The process of experimentation is not easy, and the route to production is fraught with data and testing challenges. As organizations scale their use of AI, challenges grow in complexity, but they are far from insurmountable. While it is true that data is messy and testing is difficult, there are many steps organizations can take to ease the strain. Leveraging lakehouse capability, adopting an iterative approach to database expansion, and developing a plan to measure business impact when undergoing testing are all crucial steps. Moving cleanly between ML Ops stages, planning for focused sessions to deliver high-quality prompts, and ensuring that answers deliver actionable insights are also critical.
Experiments can be enabled without extensive coordination, especially when costs are low, but moving from experimentation to production needs a centralized approach. This involves IT and governance functions, both of which can help evaluate ROI.

Looking ahead, Databricks is pursuing a plethora of innovative and high-value internal use cases for GenAI, across areas such as business operations (covering areas such as the deal desk and IT support), field productivity (account alerts, content discovery and meeting preparation), marketing (content generation and outbound prospecting), HR (ticket deflection and recruiting efficiency), legal (contract data extraction) and business analytics (self-serve, ad-hoc queries). However, we are not ignoring the value of GenAI for our external customer base.

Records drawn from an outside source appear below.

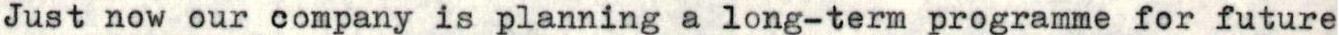
Just now our company is planning a long-term programme for future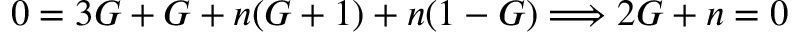
0 = 3 G + G + n ( G + 1 ) + n ( 1 - G ) \Longrightarrow 2 G + n = 0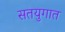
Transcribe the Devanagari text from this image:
सतयुगात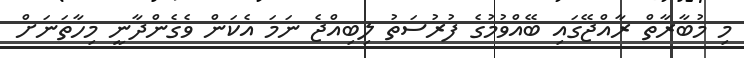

US airline JetBlue built a chatbot using a combination of our data intelligence platform and sophisticated open-source LLMs that allows employees to gain access to KPIs and information that is specific to their role. The impact of this solution has been to reduce training requirements and the turnaround time for feedback, as well as simplify access to insights for the entire organization. European carrier easyJet built a similar GenAI solution, intended as a tool for non-technical users to pose voice-based questions in their natural language and receive insights that can feed into the decision-making process. This solution has not only helped improve the organization's data strategy and provided users with easier access to data and LLM-driven insights but has also sparked new ideas around other innovative GenAI use cases, including resource optimization, chatbots centered on operational processes and compliance, and personal assistants that offer tailored travel recommendations.

While GenAI projects need to be delivered with security, governance, and ROI in mind, our experience makes clear that when organizations embrace GenAI's cross-functional potential through iteration and experimentation, the potential efficiency gains of this AI strategy can give both them and their customers a competitive advantage.